Knowledge graphs offer a promising solution by enabling semantic modeling of enterprise capabilities, relationships, and context. They support interoperability with standards such as RDF and Schema.org and allow multi-conditional querying that can surface hidden connections. Recent research has begun to explore knowledge graphs in supply chains, but most contributions remain partial or domain generic. For example, Zhou et al. [27] proposed a supply chain knowledge graph for market convergence prediction, employing representation learning to infer macro-level trends. While methodologically sound, their work remains focused on high-level markets and does not address regional implementation, SME discoverability, or semantic web alignment. Other studies have leveraged zero-shot frameworks combining knowledge graphs with large language models (LLMs) to map complex, multi-tiered dependencies in electric vehicle supply chains [28]. While these systems map multi-tiered dependencies and support intelligent querying using language models, they do not incorporate RDF or Schema.org, and the design assumes access to extensive enterprise data, limiting their utility for SMEs.
Düggelin and Laurenzi [29] developed an ontology-driven decision support system for risk analysis using knowledge graphs, validated through domain expert review. While demonstrating strong knowledge modeling practices, their approach focuses on organizational-level risk rather than SME integration or semantic interoperability. Tu et al. [30] applied graph neural networks (GNNs) to a large-scale automotive supply chain knowledge graph for supplier recommendation. Their system showed superior predictive accuracy compared to non-graph methods, but it does not address dynamic querying, RDF compliance, or regional contexts, and SMEs remain underrepresented. Karam et al. [31] proposed a hybrid framework combining knowledge graphs and Bayesian networks for bottleneck detection. While novel in combining structural and probabilistic models, it lacks a schema for supplier discovery or semantic querying.
Kosasih et al. [32] advanced the field by applying GNNs for risk propagation and reasoning over supply chain knowledge graphs. They encode complex inter-firm relationships and use GNN-based link prediction to surface hidden vulnerabilities. However, their system does not address how such knowledge graphs are constructed, semantically modeled, or deployed in web-based regional applications. Similarly, the distant supervision method proposed by Huang et al. [33] focuses on automated knowledge extraction for supply chain knowledge graphs, using natural language processing (NLP) and relation extraction to build graphs from text. While critical for scalability, the method does not extend to RDF or Schema.org alignment, nor is it embedded in an end-user system for SME discovery or regional graph querying.
Several recent works leave gaps relevant to SME-focused supply chain resilience. Rolli et al. [34] introduced an axiomatic RDF-based knowledge graph for Industry 4.0, but their work remains conceptual and lacks SME-focused implementation and supplier discovery features.
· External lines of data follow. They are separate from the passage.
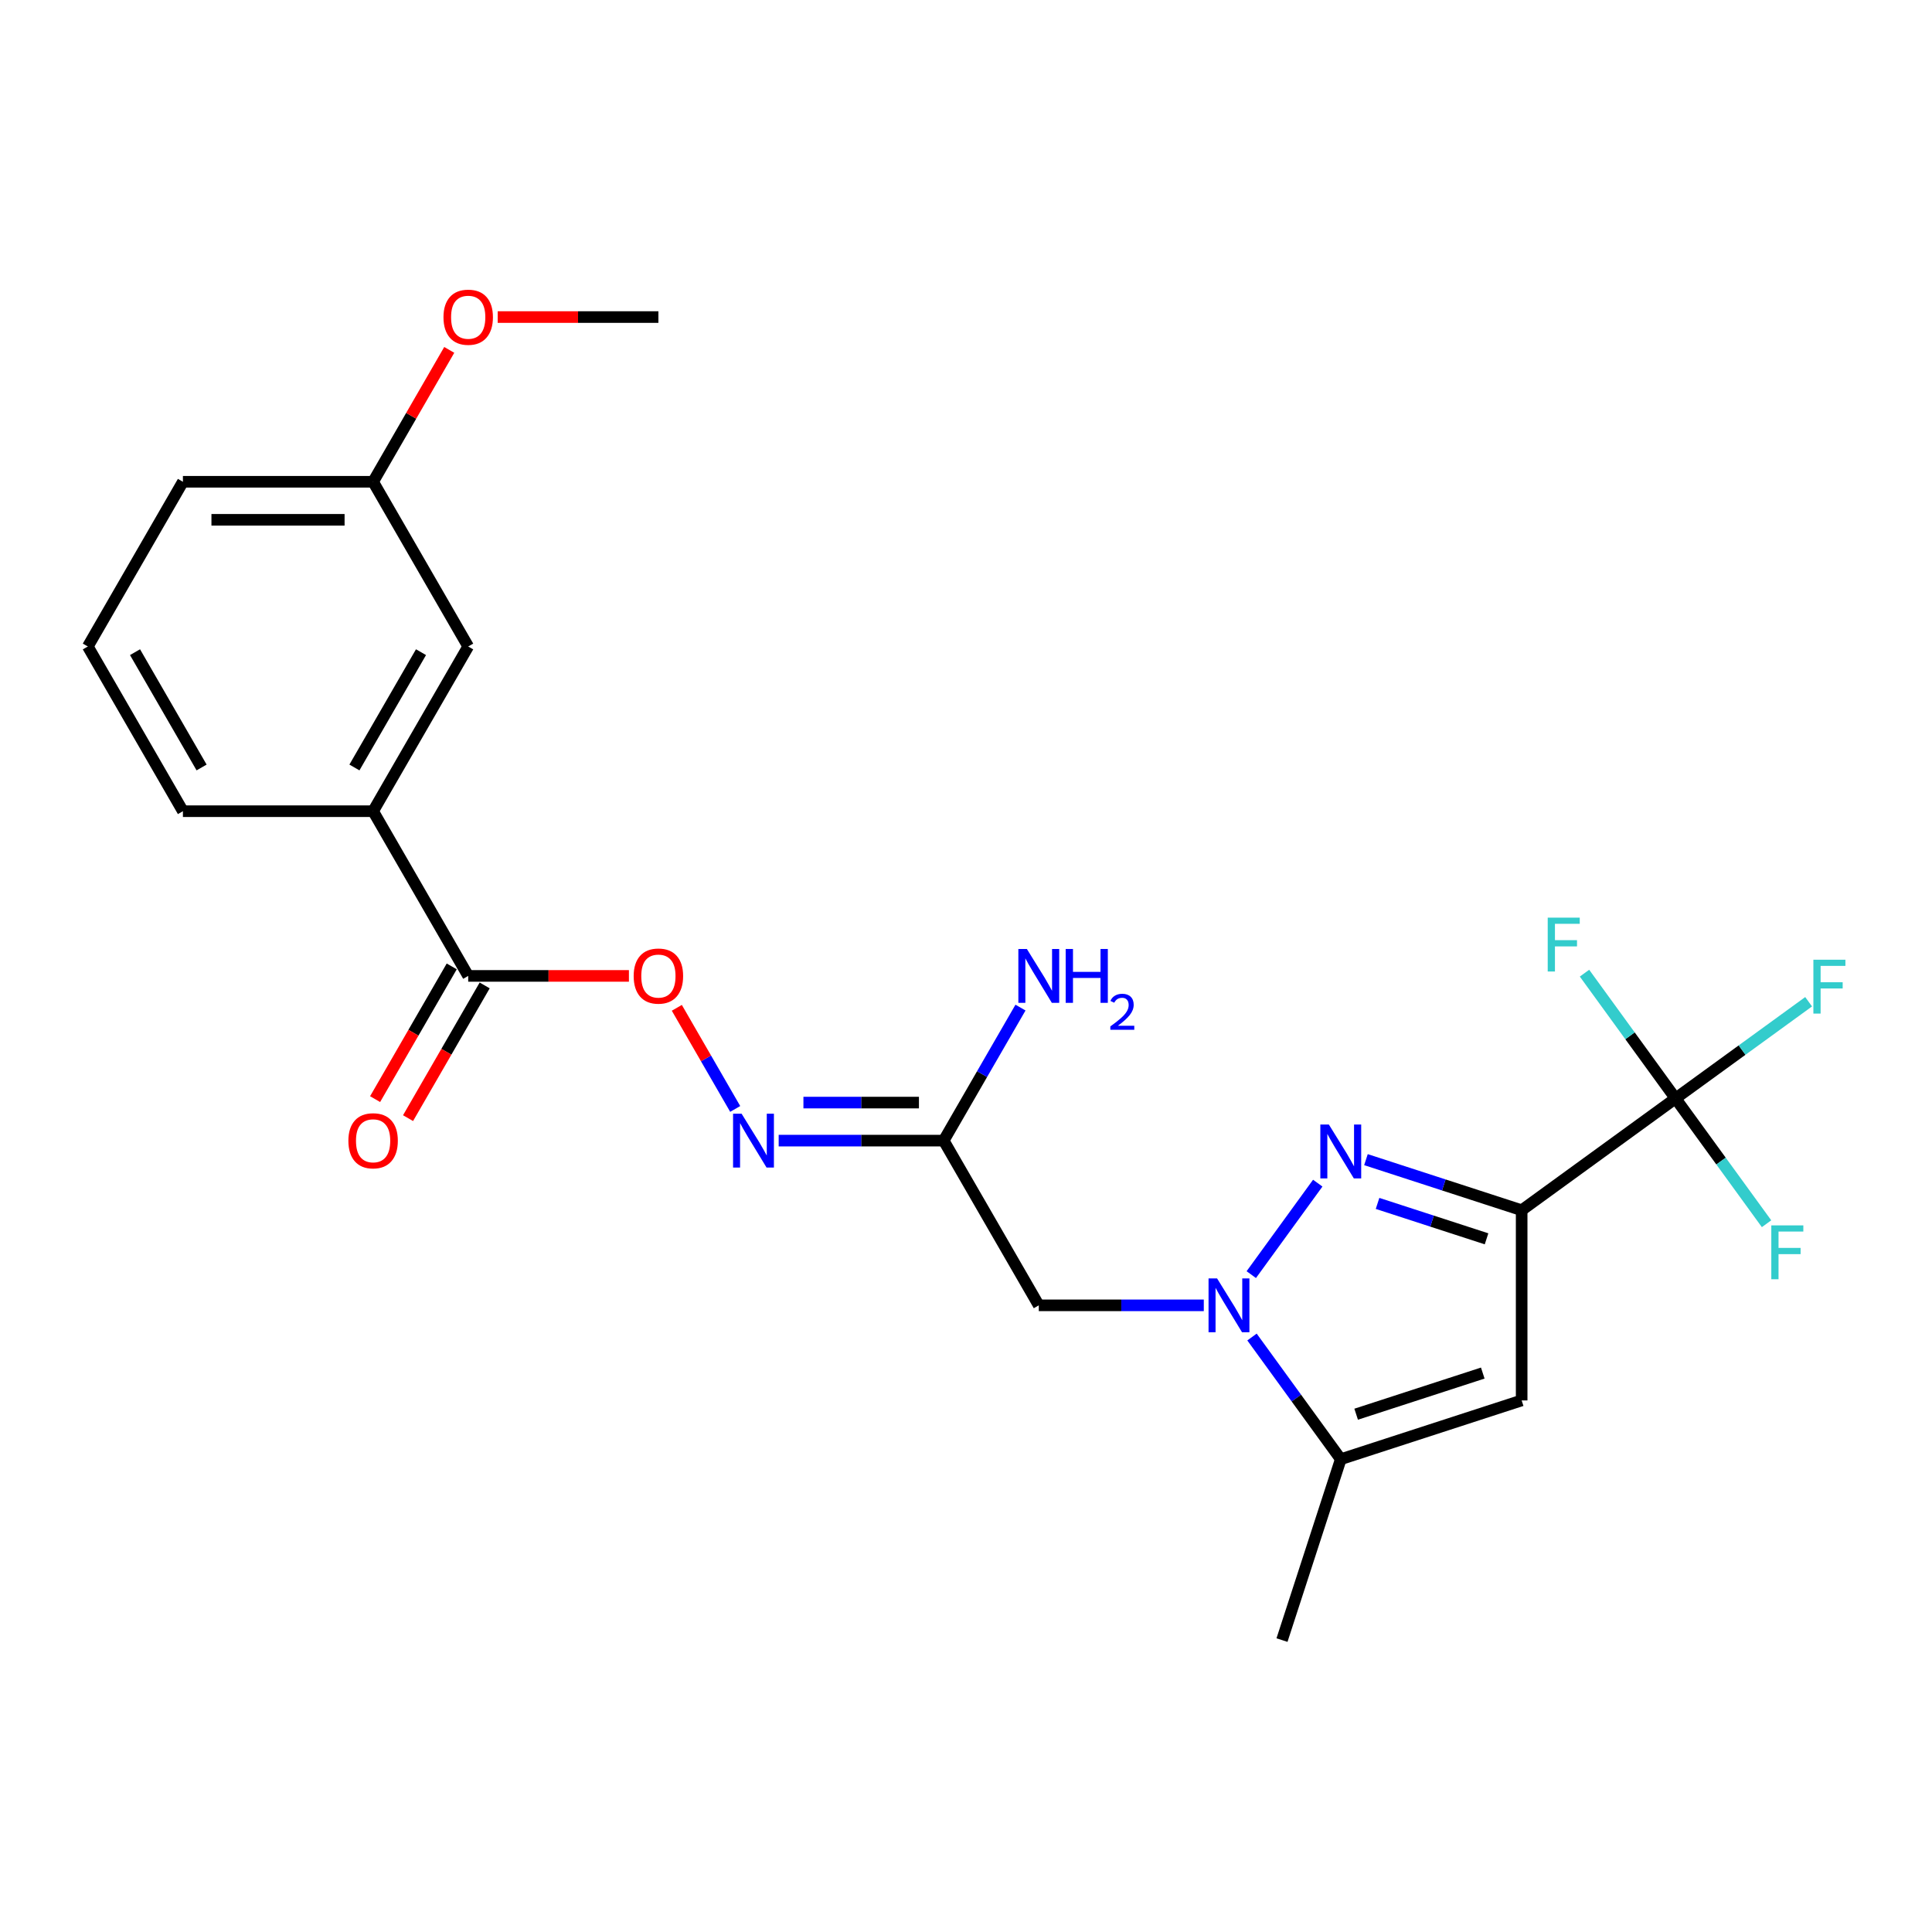 <?xml version='1.0' encoding='iso-8859-1'?>
<svg version='1.1' baseProfile='full'
              xmlns='http://www.w3.org/2000/svg'
                      xmlns:rdkit='http://www.rdkit.org/xml'
                      xmlns:xlink='http://www.w3.org/1999/xlink'
                  xml:space='preserve'
width='1000px' height='1000px' viewBox='0 0 1000 1000'>
<!-- END OF HEADER -->
<rect style='opacity:1.0;fill:#FFFFFF;stroke:none' width='1000' height='1000' x='0' y='0'> </rect>
<path class='bond-0' d='M 787.606,626.417 L 747.31,613.324' style='fill:none;fill-rule:evenodd;stroke:#000000;stroke-width:6px;stroke-linecap:butt;stroke-linejoin:miter;stroke-opacity:1' />
<path class='bond-0' d='M 747.31,613.324 L 707.015,600.231' style='fill:none;fill-rule:evenodd;stroke:#0000FF;stroke-width:6px;stroke-linecap:butt;stroke-linejoin:miter;stroke-opacity:1' />
<path class='bond-0' d='M 769.433,641.214 L 741.226,632.049' style='fill:none;fill-rule:evenodd;stroke:#000000;stroke-width:6px;stroke-linecap:butt;stroke-linejoin:miter;stroke-opacity:1' />
<path class='bond-0' d='M 741.226,632.049 L 713.019,622.884' style='fill:none;fill-rule:evenodd;stroke:#0000FF;stroke-width:6px;stroke-linecap:butt;stroke-linejoin:miter;stroke-opacity:1' />
<path class='bond-2' d='M 787.606,626.417 L 787.606,724.861' style='fill:none;fill-rule:evenodd;stroke:#000000;stroke-width:6px;stroke-linecap:butt;stroke-linejoin:miter;stroke-opacity:1' />
<path class='bond-3' d='M 787.606,626.417 L 867.249,568.553' style='fill:none;fill-rule:evenodd;stroke:#000000;stroke-width:6px;stroke-linecap:butt;stroke-linejoin:miter;stroke-opacity:1' />
<path class='bond-1' d='M 682.065,612.397 L 647.664,659.745' style='fill:none;fill-rule:evenodd;stroke:#0000FF;stroke-width:6px;stroke-linecap:butt;stroke-linejoin:miter;stroke-opacity:1' />
<path class='bond-5' d='M 623.083,675.639 L 580.378,675.639' style='fill:none;fill-rule:evenodd;stroke:#0000FF;stroke-width:6px;stroke-linecap:butt;stroke-linejoin:miter;stroke-opacity:1' />
<path class='bond-5' d='M 580.378,675.639 L 537.673,675.639' style='fill:none;fill-rule:evenodd;stroke:#000000;stroke-width:6px;stroke-linecap:butt;stroke-linejoin:miter;stroke-opacity:1' />
<path class='bond-24' d='M 648.033,692.04 L 671.007,723.661' style='fill:none;fill-rule:evenodd;stroke:#0000FF;stroke-width:6px;stroke-linecap:butt;stroke-linejoin:miter;stroke-opacity:1' />
<path class='bond-24' d='M 671.007,723.661 L 693.981,755.281' style='fill:none;fill-rule:evenodd;stroke:#000000;stroke-width:6px;stroke-linecap:butt;stroke-linejoin:miter;stroke-opacity:1' />
<path class='bond-4' d='M 787.606,724.861 L 693.981,755.281' style='fill:none;fill-rule:evenodd;stroke:#000000;stroke-width:6px;stroke-linecap:butt;stroke-linejoin:miter;stroke-opacity:1' />
<path class='bond-4' d='M 767.478,710.699 L 701.94,731.993' style='fill:none;fill-rule:evenodd;stroke:#000000;stroke-width:6px;stroke-linecap:butt;stroke-linejoin:miter;stroke-opacity:1' />
<path class='bond-13' d='M 867.249,568.553 L 901.695,543.527' style='fill:none;fill-rule:evenodd;stroke:#000000;stroke-width:6px;stroke-linecap:butt;stroke-linejoin:miter;stroke-opacity:1' />
<path class='bond-13' d='M 901.695,543.527 L 936.141,518.5' style='fill:none;fill-rule:evenodd;stroke:#33CCCC;stroke-width:6px;stroke-linecap:butt;stroke-linejoin:miter;stroke-opacity:1' />
<path class='bond-14' d='M 867.249,568.553 L 890.806,600.976' style='fill:none;fill-rule:evenodd;stroke:#000000;stroke-width:6px;stroke-linecap:butt;stroke-linejoin:miter;stroke-opacity:1' />
<path class='bond-14' d='M 890.806,600.976 L 914.363,633.4' style='fill:none;fill-rule:evenodd;stroke:#33CCCC;stroke-width:6px;stroke-linecap:butt;stroke-linejoin:miter;stroke-opacity:1' />
<path class='bond-15' d='M 867.249,568.553 L 843.692,536.13' style='fill:none;fill-rule:evenodd;stroke:#000000;stroke-width:6px;stroke-linecap:butt;stroke-linejoin:miter;stroke-opacity:1' />
<path class='bond-15' d='M 843.692,536.13 L 820.135,503.707' style='fill:none;fill-rule:evenodd;stroke:#33CCCC;stroke-width:6px;stroke-linecap:butt;stroke-linejoin:miter;stroke-opacity:1' />
<path class='bond-18' d='M 693.981,755.281 L 663.56,848.907' style='fill:none;fill-rule:evenodd;stroke:#000000;stroke-width:6px;stroke-linecap:butt;stroke-linejoin:miter;stroke-opacity:1' />
<path class='bond-6' d='M 537.673,675.639 L 488.451,590.384' style='fill:none;fill-rule:evenodd;stroke:#000000;stroke-width:6px;stroke-linecap:butt;stroke-linejoin:miter;stroke-opacity:1' />
<path class='bond-8' d='M 488.451,590.384 L 445.746,590.384' style='fill:none;fill-rule:evenodd;stroke:#000000;stroke-width:6px;stroke-linecap:butt;stroke-linejoin:miter;stroke-opacity:1' />
<path class='bond-8' d='M 445.746,590.384 L 403.042,590.384' style='fill:none;fill-rule:evenodd;stroke:#0000FF;stroke-width:6px;stroke-linecap:butt;stroke-linejoin:miter;stroke-opacity:1' />
<path class='bond-8' d='M 475.64,570.695 L 445.746,570.695' style='fill:none;fill-rule:evenodd;stroke:#000000;stroke-width:6px;stroke-linecap:butt;stroke-linejoin:miter;stroke-opacity:1' />
<path class='bond-8' d='M 445.746,570.695 L 415.853,570.695' style='fill:none;fill-rule:evenodd;stroke:#0000FF;stroke-width:6px;stroke-linecap:butt;stroke-linejoin:miter;stroke-opacity:1' />
<path class='bond-16' d='M 488.451,590.384 L 508.328,555.957' style='fill:none;fill-rule:evenodd;stroke:#000000;stroke-width:6px;stroke-linecap:butt;stroke-linejoin:miter;stroke-opacity:1' />
<path class='bond-16' d='M 508.328,555.957 L 528.204,521.53' style='fill:none;fill-rule:evenodd;stroke:#0000FF;stroke-width:6px;stroke-linecap:butt;stroke-linejoin:miter;stroke-opacity:1' />
<path class='bond-7' d='M 242.342,505.129 L 283.934,505.129' style='fill:none;fill-rule:evenodd;stroke:#000000;stroke-width:6px;stroke-linecap:butt;stroke-linejoin:miter;stroke-opacity:1' />
<path class='bond-7' d='M 283.934,505.129 L 325.527,505.129' style='fill:none;fill-rule:evenodd;stroke:#FF0000;stroke-width:6px;stroke-linecap:butt;stroke-linejoin:miter;stroke-opacity:1' />
<path class='bond-10' d='M 242.342,505.129 L 193.12,419.875' style='fill:none;fill-rule:evenodd;stroke:#000000;stroke-width:6px;stroke-linecap:butt;stroke-linejoin:miter;stroke-opacity:1' />
<path class='bond-11' d='M 233.817,500.207 L 213.986,534.555' style='fill:none;fill-rule:evenodd;stroke:#000000;stroke-width:6px;stroke-linecap:butt;stroke-linejoin:miter;stroke-opacity:1' />
<path class='bond-11' d='M 213.986,534.555 L 194.155,568.904' style='fill:none;fill-rule:evenodd;stroke:#FF0000;stroke-width:6px;stroke-linecap:butt;stroke-linejoin:miter;stroke-opacity:1' />
<path class='bond-11' d='M 250.867,510.051 L 231.036,544.4' style='fill:none;fill-rule:evenodd;stroke:#000000;stroke-width:6px;stroke-linecap:butt;stroke-linejoin:miter;stroke-opacity:1' />
<path class='bond-11' d='M 231.036,544.4 L 211.206,578.748' style='fill:none;fill-rule:evenodd;stroke:#FF0000;stroke-width:6px;stroke-linecap:butt;stroke-linejoin:miter;stroke-opacity:1' />
<path class='bond-9' d='M 380.539,573.983 L 365.43,547.815' style='fill:none;fill-rule:evenodd;stroke:#0000FF;stroke-width:6px;stroke-linecap:butt;stroke-linejoin:miter;stroke-opacity:1' />
<path class='bond-9' d='M 365.43,547.815 L 350.322,521.647' style='fill:none;fill-rule:evenodd;stroke:#FF0000;stroke-width:6px;stroke-linecap:butt;stroke-linejoin:miter;stroke-opacity:1' />
<path class='bond-12' d='M 193.12,419.875 L 242.342,334.62' style='fill:none;fill-rule:evenodd;stroke:#000000;stroke-width:6px;stroke-linecap:butt;stroke-linejoin:miter;stroke-opacity:1' />
<path class='bond-12' d='M 183.452,397.242 L 217.908,337.564' style='fill:none;fill-rule:evenodd;stroke:#000000;stroke-width:6px;stroke-linecap:butt;stroke-linejoin:miter;stroke-opacity:1' />
<path class='bond-20' d='M 193.12,419.875 L 94.676,419.875' style='fill:none;fill-rule:evenodd;stroke:#000000;stroke-width:6px;stroke-linecap:butt;stroke-linejoin:miter;stroke-opacity:1' />
<path class='bond-17' d='M 242.342,334.62 L 193.12,249.365' style='fill:none;fill-rule:evenodd;stroke:#000000;stroke-width:6px;stroke-linecap:butt;stroke-linejoin:miter;stroke-opacity:1' />
<path class='bond-19' d='M 193.12,249.365 L 212.826,215.233' style='fill:none;fill-rule:evenodd;stroke:#000000;stroke-width:6px;stroke-linecap:butt;stroke-linejoin:miter;stroke-opacity:1' />
<path class='bond-19' d='M 212.826,215.233 L 232.532,181.102' style='fill:none;fill-rule:evenodd;stroke:#FF0000;stroke-width:6px;stroke-linecap:butt;stroke-linejoin:miter;stroke-opacity:1' />
<path class='bond-25' d='M 193.12,249.365 L 94.676,249.365' style='fill:none;fill-rule:evenodd;stroke:#000000;stroke-width:6px;stroke-linecap:butt;stroke-linejoin:miter;stroke-opacity:1' />
<path class='bond-25' d='M 178.354,269.054 L 109.443,269.054' style='fill:none;fill-rule:evenodd;stroke:#000000;stroke-width:6px;stroke-linecap:butt;stroke-linejoin:miter;stroke-opacity:1' />
<path class='bond-23' d='M 257.601,164.11 L 299.193,164.11' style='fill:none;fill-rule:evenodd;stroke:#FF0000;stroke-width:6px;stroke-linecap:butt;stroke-linejoin:miter;stroke-opacity:1' />
<path class='bond-23' d='M 299.193,164.11 L 340.786,164.11' style='fill:none;fill-rule:evenodd;stroke:#000000;stroke-width:6px;stroke-linecap:butt;stroke-linejoin:miter;stroke-opacity:1' />
<path class='bond-21' d='M 94.676,419.875 L 45.455,334.62' style='fill:none;fill-rule:evenodd;stroke:#000000;stroke-width:6px;stroke-linecap:butt;stroke-linejoin:miter;stroke-opacity:1' />
<path class='bond-21' d='M 104.344,397.242 L 69.889,337.564' style='fill:none;fill-rule:evenodd;stroke:#000000;stroke-width:6px;stroke-linecap:butt;stroke-linejoin:miter;stroke-opacity:1' />
<path class='bond-22' d='M 45.455,334.62 L 94.676,249.365' style='fill:none;fill-rule:evenodd;stroke:#000000;stroke-width:6px;stroke-linecap:butt;stroke-linejoin:miter;stroke-opacity:1' />
<path  class='atom-1' d='M 687.818 582.057
L 696.954 596.823
Q 697.859 598.28, 699.316 600.918
Q 700.773 603.557, 700.852 603.714
L 700.852 582.057
L 704.553 582.057
L 704.553 609.936
L 700.734 609.936
L 690.929 593.791
Q 689.787 591.901, 688.566 589.735
Q 687.385 587.569, 687.03 586.9
L 687.03 609.936
L 683.408 609.936
L 683.408 582.057
L 687.818 582.057
' fill='#0000FF'/>
<path  class='atom-2' d='M 629.954 661.699
L 639.09 676.466
Q 639.996 677.923, 641.453 680.561
Q 642.909 683.199, 642.988 683.357
L 642.988 661.699
L 646.69 661.699
L 646.69 689.578
L 642.87 689.578
L 633.065 673.434
Q 631.923 671.544, 630.702 669.378
Q 629.521 667.212, 629.167 666.543
L 629.167 689.578
L 625.544 689.578
L 625.544 661.699
L 629.954 661.699
' fill='#0000FF'/>
<path  class='atom-9' d='M 383.845 576.444
L 392.981 591.211
Q 393.886 592.668, 395.343 595.306
Q 396.8 597.945, 396.879 598.102
L 396.879 576.444
L 400.58 576.444
L 400.58 604.324
L 396.761 604.324
L 386.956 588.179
Q 385.814 586.289, 384.593 584.123
Q 383.412 581.957, 383.057 581.288
L 383.057 604.324
L 379.435 604.324
L 379.435 576.444
L 383.845 576.444
' fill='#0000FF'/>
<path  class='atom-10' d='M 327.988 505.208
Q 327.988 498.514, 331.296 494.773
Q 334.603 491.032, 340.786 491.032
Q 346.968 491.032, 350.276 494.773
Q 353.583 498.514, 353.583 505.208
Q 353.583 511.981, 350.236 515.84
Q 346.889 519.66, 340.786 519.66
Q 334.643 519.66, 331.296 515.84
Q 327.988 512.02, 327.988 505.208
M 340.786 516.509
Q 345.038 516.509, 347.322 513.674
Q 349.646 510.8, 349.646 505.208
Q 349.646 499.735, 347.322 496.978
Q 345.038 494.182, 340.786 494.182
Q 336.533 494.182, 334.21 496.939
Q 331.926 499.695, 331.926 505.208
Q 331.926 510.839, 334.21 513.674
Q 336.533 516.509, 340.786 516.509
' fill='#FF0000'/>
<path  class='atom-12' d='M 180.322 590.463
Q 180.322 583.769, 183.63 580.028
Q 186.938 576.287, 193.12 576.287
Q 199.302 576.287, 202.61 580.028
Q 205.918 583.769, 205.918 590.463
Q 205.918 597.236, 202.571 601.095
Q 199.224 604.914, 193.12 604.914
Q 186.977 604.914, 183.63 601.095
Q 180.322 597.275, 180.322 590.463
M 193.12 601.764
Q 197.373 601.764, 199.657 598.929
Q 201.98 596.054, 201.98 590.463
Q 201.98 584.989, 199.657 582.233
Q 197.373 579.437, 193.12 579.437
Q 188.867 579.437, 186.544 582.194
Q 184.26 584.95, 184.26 590.463
Q 184.26 596.094, 186.544 598.929
Q 188.867 601.764, 193.12 601.764
' fill='#FF0000'/>
<path  class='atom-14' d='M 938.602 496.75
L 955.18 496.75
L 955.18 499.939
L 942.343 499.939
L 942.343 508.406
L 953.763 508.406
L 953.763 511.634
L 942.343 511.634
L 942.343 524.629
L 938.602 524.629
L 938.602 496.75
' fill='#33CCCC'/>
<path  class='atom-15' d='M 916.824 634.256
L 933.402 634.256
L 933.402 637.446
L 920.564 637.446
L 920.564 645.912
L 931.984 645.912
L 931.984 649.141
L 920.564 649.141
L 920.564 662.135
L 916.824 662.135
L 916.824 634.256
' fill='#33CCCC'/>
<path  class='atom-16' d='M 801.096 474.971
L 817.674 474.971
L 817.674 478.161
L 804.837 478.161
L 804.837 486.627
L 816.256 486.627
L 816.256 489.856
L 804.837 489.856
L 804.837 502.85
L 801.096 502.85
L 801.096 474.971
' fill='#33CCCC'/>
<path  class='atom-17' d='M 531.511 491.19
L 540.646 505.956
Q 541.552 507.413, 543.009 510.051
Q 544.466 512.69, 544.545 512.847
L 544.545 491.19
L 548.246 491.19
L 548.246 519.069
L 544.426 519.069
L 534.621 502.924
Q 533.479 501.034, 532.259 498.868
Q 531.077 496.703, 530.723 496.033
L 530.723 519.069
L 527.1 519.069
L 527.1 491.19
L 531.511 491.19
' fill='#0000FF'/>
<path  class='atom-17' d='M 551.593 491.19
L 555.373 491.19
L 555.373 503.042
L 569.628 503.042
L 569.628 491.19
L 573.408 491.19
L 573.408 519.069
L 569.628 519.069
L 569.628 506.192
L 555.373 506.192
L 555.373 519.069
L 551.593 519.069
L 551.593 491.19
' fill='#0000FF'/>
<path  class='atom-17' d='M 574.76 518.091
Q 575.435 516.35, 577.047 515.388
Q 578.658 514.4, 580.893 514.4
Q 583.674 514.4, 585.233 515.908
Q 586.793 517.415, 586.793 520.092
Q 586.793 522.821, 584.765 525.368
Q 582.764 527.915, 578.606 530.929
L 587.104 530.929
L 587.104 533.009
L 574.708 533.009
L 574.708 531.267
Q 578.138 528.824, 580.165 527.005
Q 582.219 525.186, 583.206 523.549
Q 584.194 521.911, 584.194 520.222
Q 584.194 518.455, 583.31 517.467
Q 582.426 516.479, 580.893 516.479
Q 579.412 516.479, 578.424 517.077
Q 577.437 517.675, 576.735 519
L 574.76 518.091
' fill='#0000FF'/>
<path  class='atom-20' d='M 229.544 164.189
Q 229.544 157.495, 232.852 153.754
Q 236.16 150.013, 242.342 150.013
Q 248.524 150.013, 251.832 153.754
Q 255.14 157.495, 255.14 164.189
Q 255.14 170.962, 251.793 174.821
Q 248.445 178.641, 242.342 178.641
Q 236.199 178.641, 232.852 174.821
Q 229.544 171.001, 229.544 164.189
M 242.342 175.49
Q 246.595 175.49, 248.879 172.655
Q 251.202 169.781, 251.202 164.189
Q 251.202 158.716, 248.879 155.959
Q 246.595 153.163, 242.342 153.163
Q 238.089 153.163, 235.766 155.92
Q 233.482 158.676, 233.482 164.189
Q 233.482 169.82, 235.766 172.655
Q 238.089 175.49, 242.342 175.49
' fill='#FF0000'/>
</svg>

Saidi et al. [35] developed reconfigurable supply chain models leveraging semantic technologies, but these remain largely theoretical and do not address SME integration. Similarly, Di Pierro [36] proposed ontology-enriched graph databases without validation in real supply chain applications. McEachen and Lewis [37] advanced spatial knowledge interoperability, and Thakker [38] investigated RDF–property graph translation, but both contributions are outside the scope of SME supply chains.
Earlier foundational works such as Shadkam [39], Petersen et al. [40], and Grangel-González [41] established semantic integration approaches in supplier selection and Industry 4.0 contexts. Complementing these, Petersen et al. [42] demonstrated an RDF-based information model for manufacturing companies, showing how enterprise and asset data can be exposed via RDF vocabularies and queried using SPARQL. Ameri et al. [43] applied an ontological RDF in agri-food supply chains to support traceability, validating semantic modeling and query execution in real-world contexts. Similarly, Petersen et al. [44] developed a federated, semantics-based supply chain analytics framework using SCORVoc RDF vocabularies and distributed SPARQL queries. While these studies provide concrete industrial applications of RDF in supply chain contexts, they remain disconnected from dynamic web deployment, Schema.org compliance, and SME-focused supplier discovery, motivating the distinct contributions of this work.
To systematically compare these contributions, Table 1 summarizes their core features, focus areas, and limitations relative to the proposed framework. The format of Table 1 is adapted from [45,46] to clearly present a comparative analysis of prior works and highlight the novelty of this study. This analysis reveals persistent gaps, notably in SME integration, dynamic querying capabilities, semantic modeling, and real-world application. Most prior works remain conceptual, lack SME focus, and do not adopt dynamic querying or semantic modeling standards such as RDF or Schema.org. Furthermore, they seldom demonstrate real-world deployment or validation, limiting their practical impact. The proposed research addresses these gaps by integrating semantic structuring, dynamic querying, SME-focused design, and real-world application within a domain-specific context.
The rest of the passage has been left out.